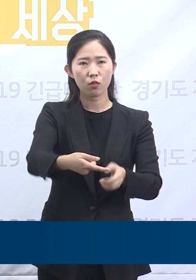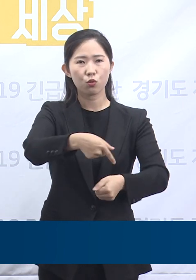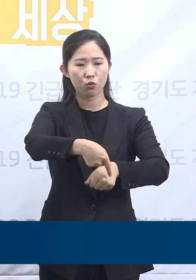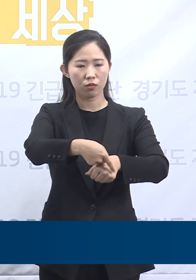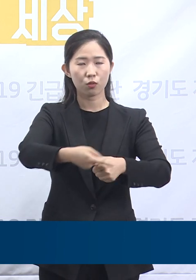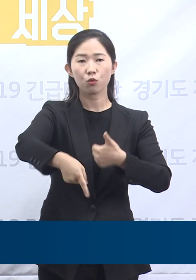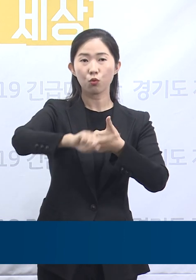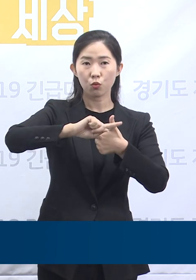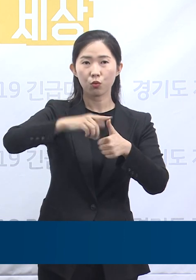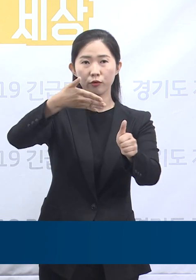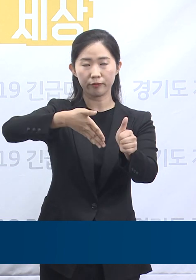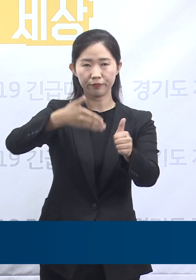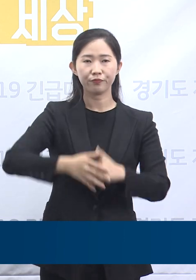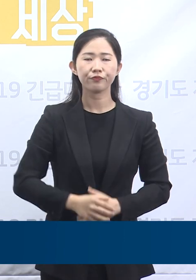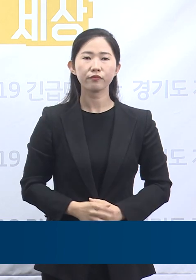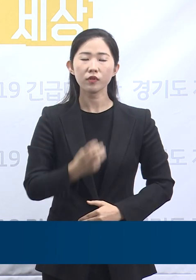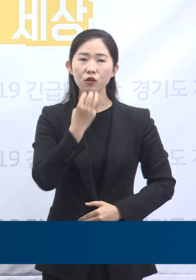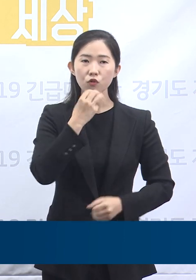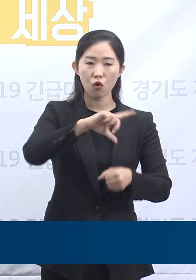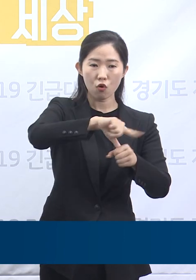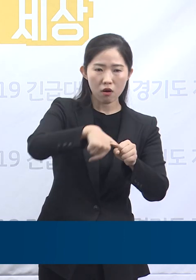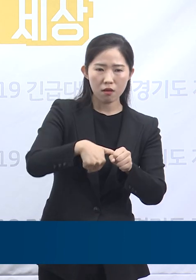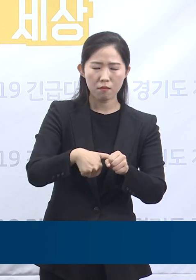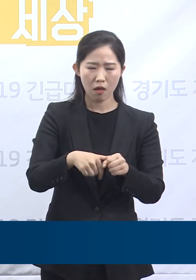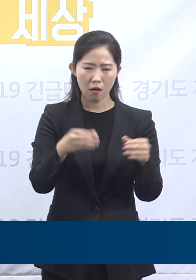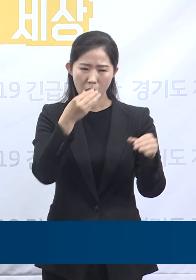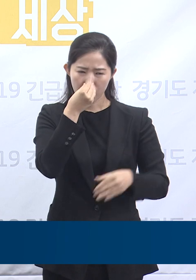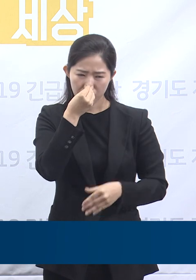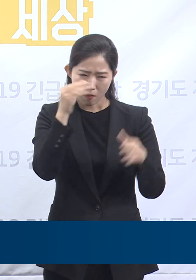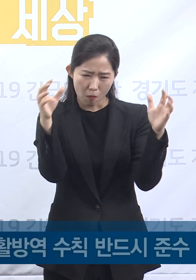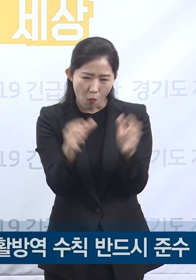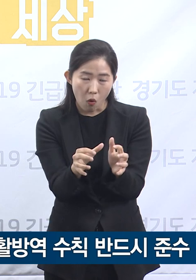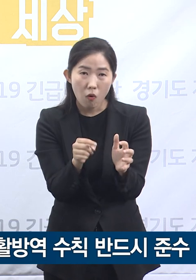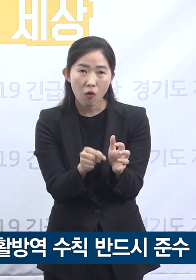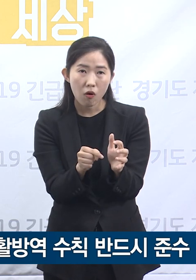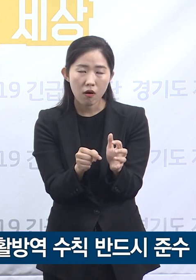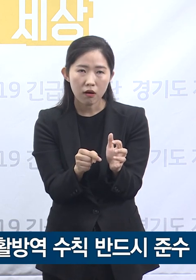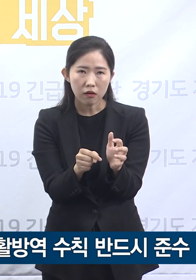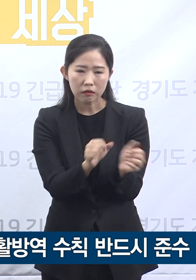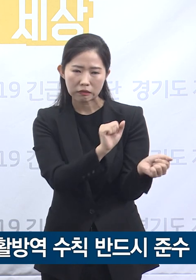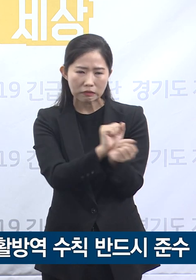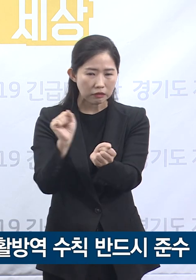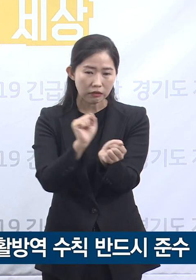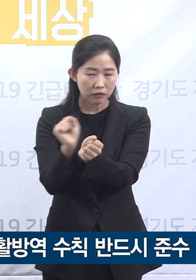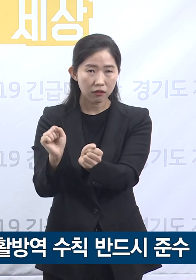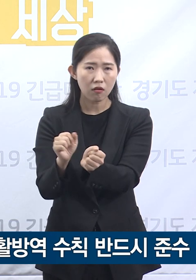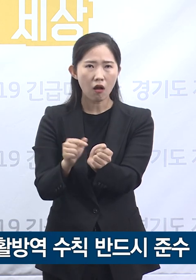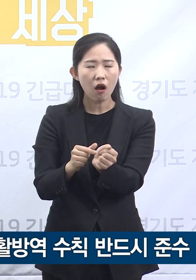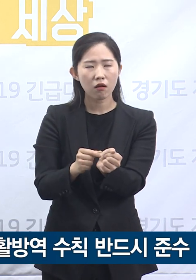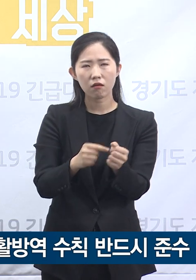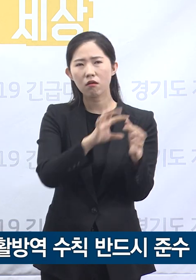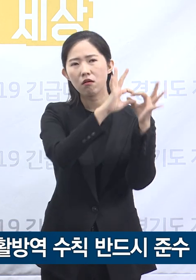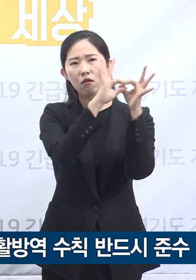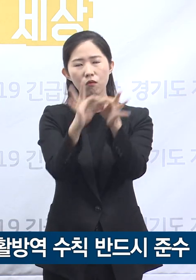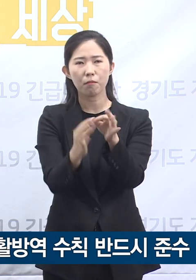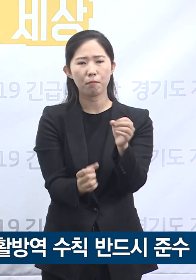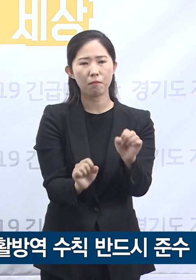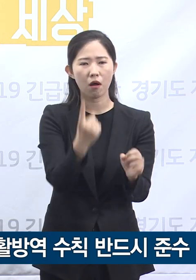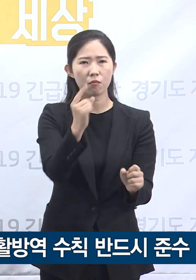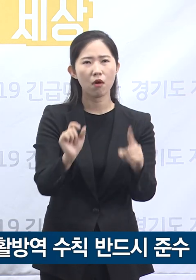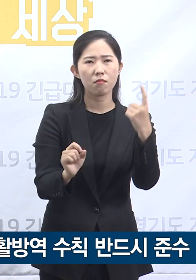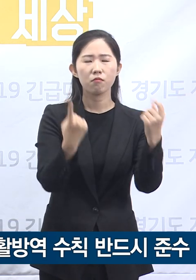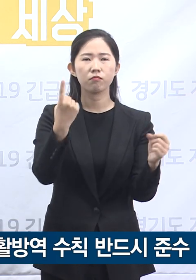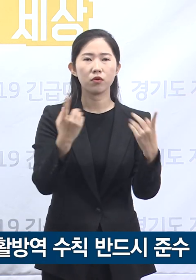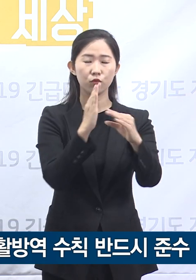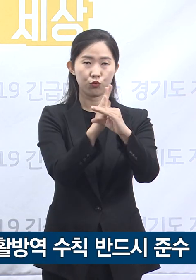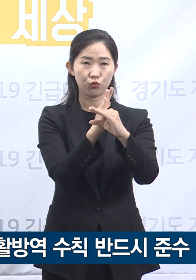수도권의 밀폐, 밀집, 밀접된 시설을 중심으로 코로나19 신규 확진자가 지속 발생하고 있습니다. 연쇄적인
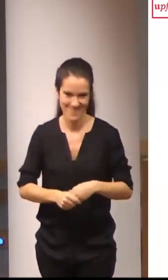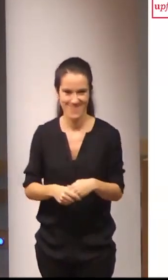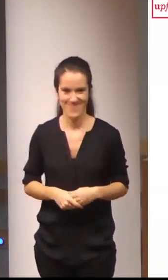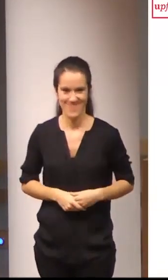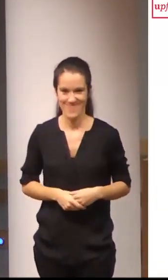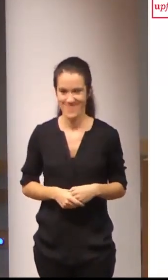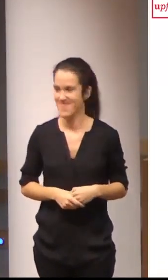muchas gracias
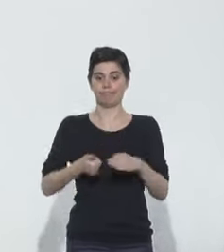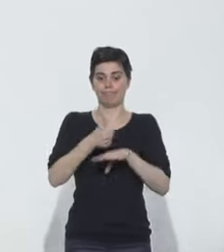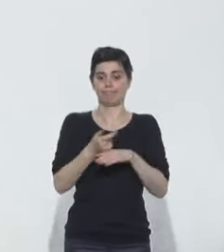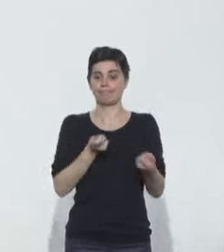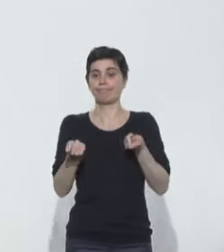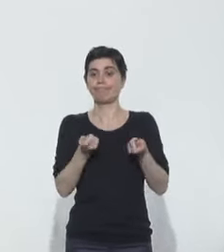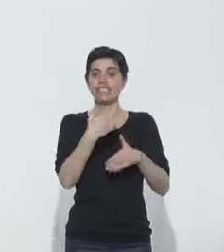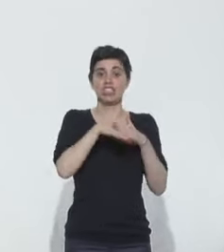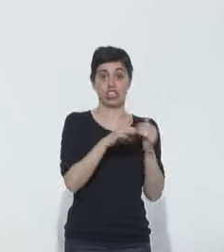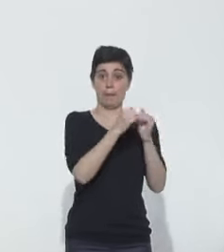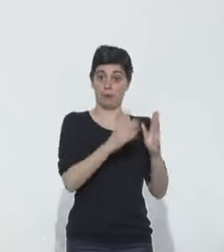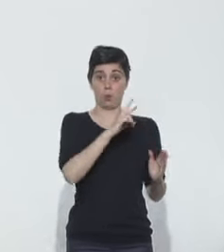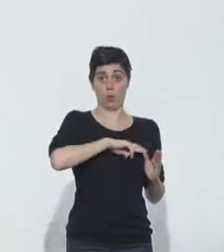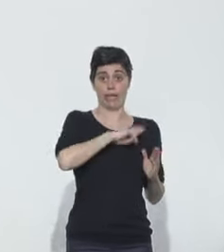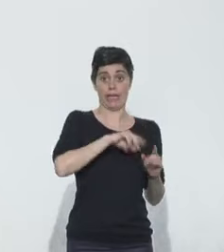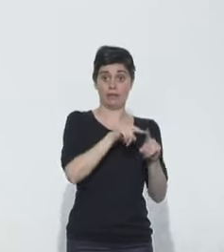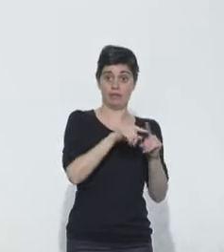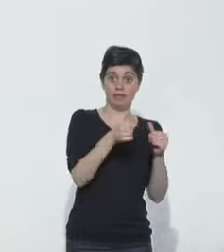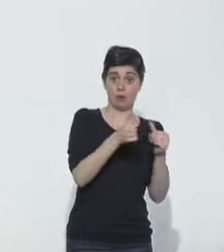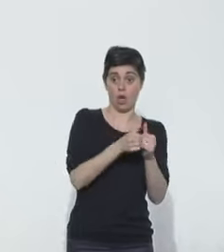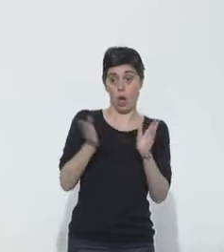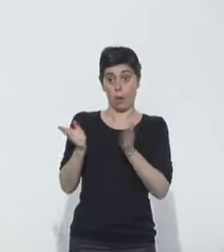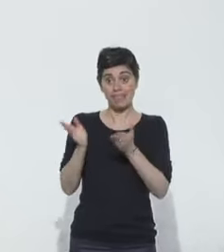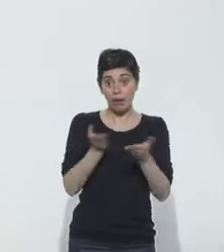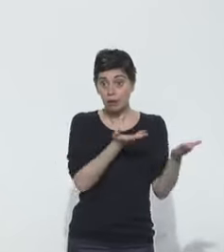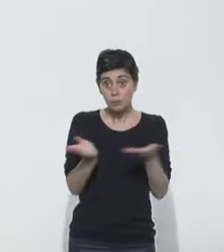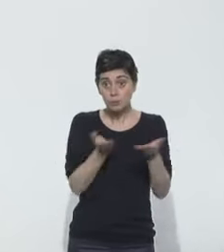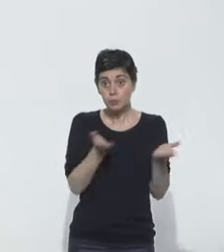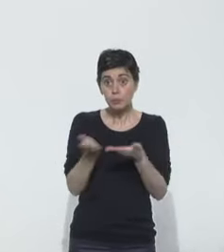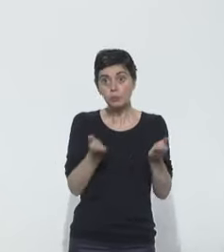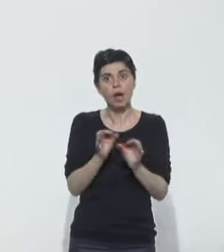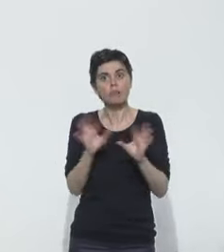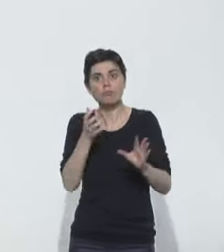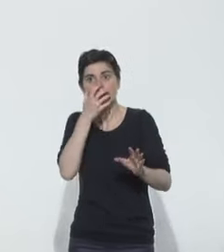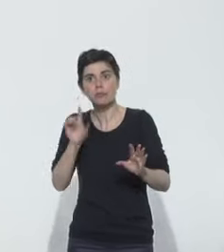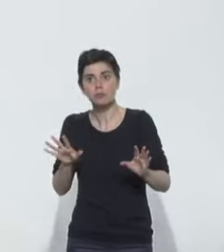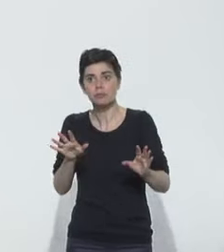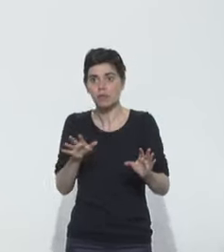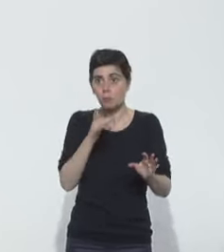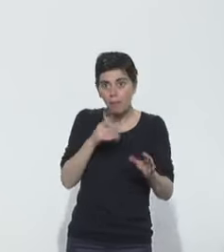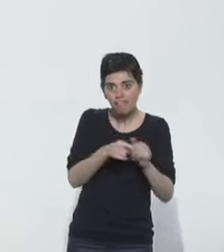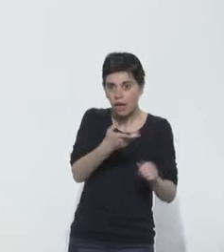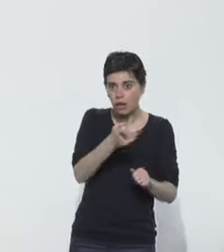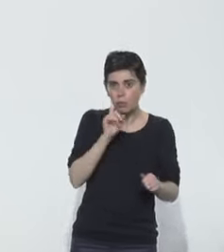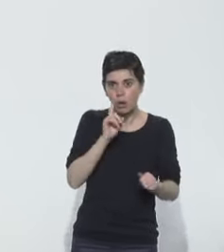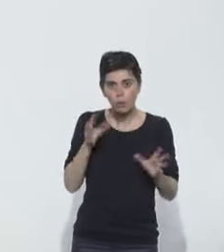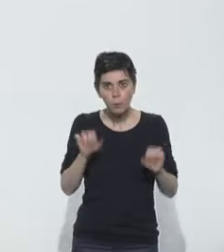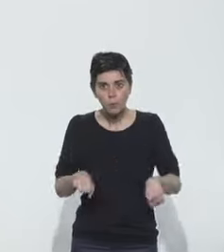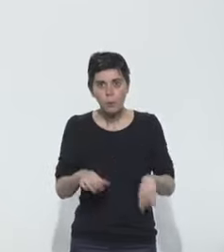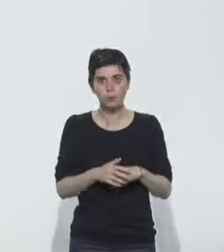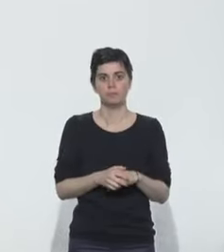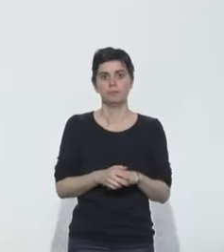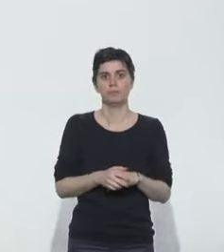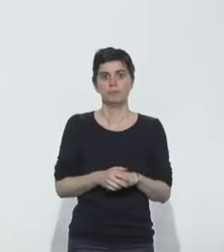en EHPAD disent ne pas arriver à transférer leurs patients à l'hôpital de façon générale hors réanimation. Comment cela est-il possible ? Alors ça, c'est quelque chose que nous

....

- _Task to carry out_
Omit the pictures and reproduce the listing exactly.

- _Finished exercise_
수도권의 밀폐, 밀집, 밀접된 시설을 중심으로 코로나19 신규 확진자가 지속 발생하고 있습니다. 연쇄적인
muchas gracias
en EHPAD disent ne pas arriver à transférer leurs patients à l'hôpital de façon générale hors réanimation. Comment cela est-il possible ? Alors ça, c'est quelque chose que nous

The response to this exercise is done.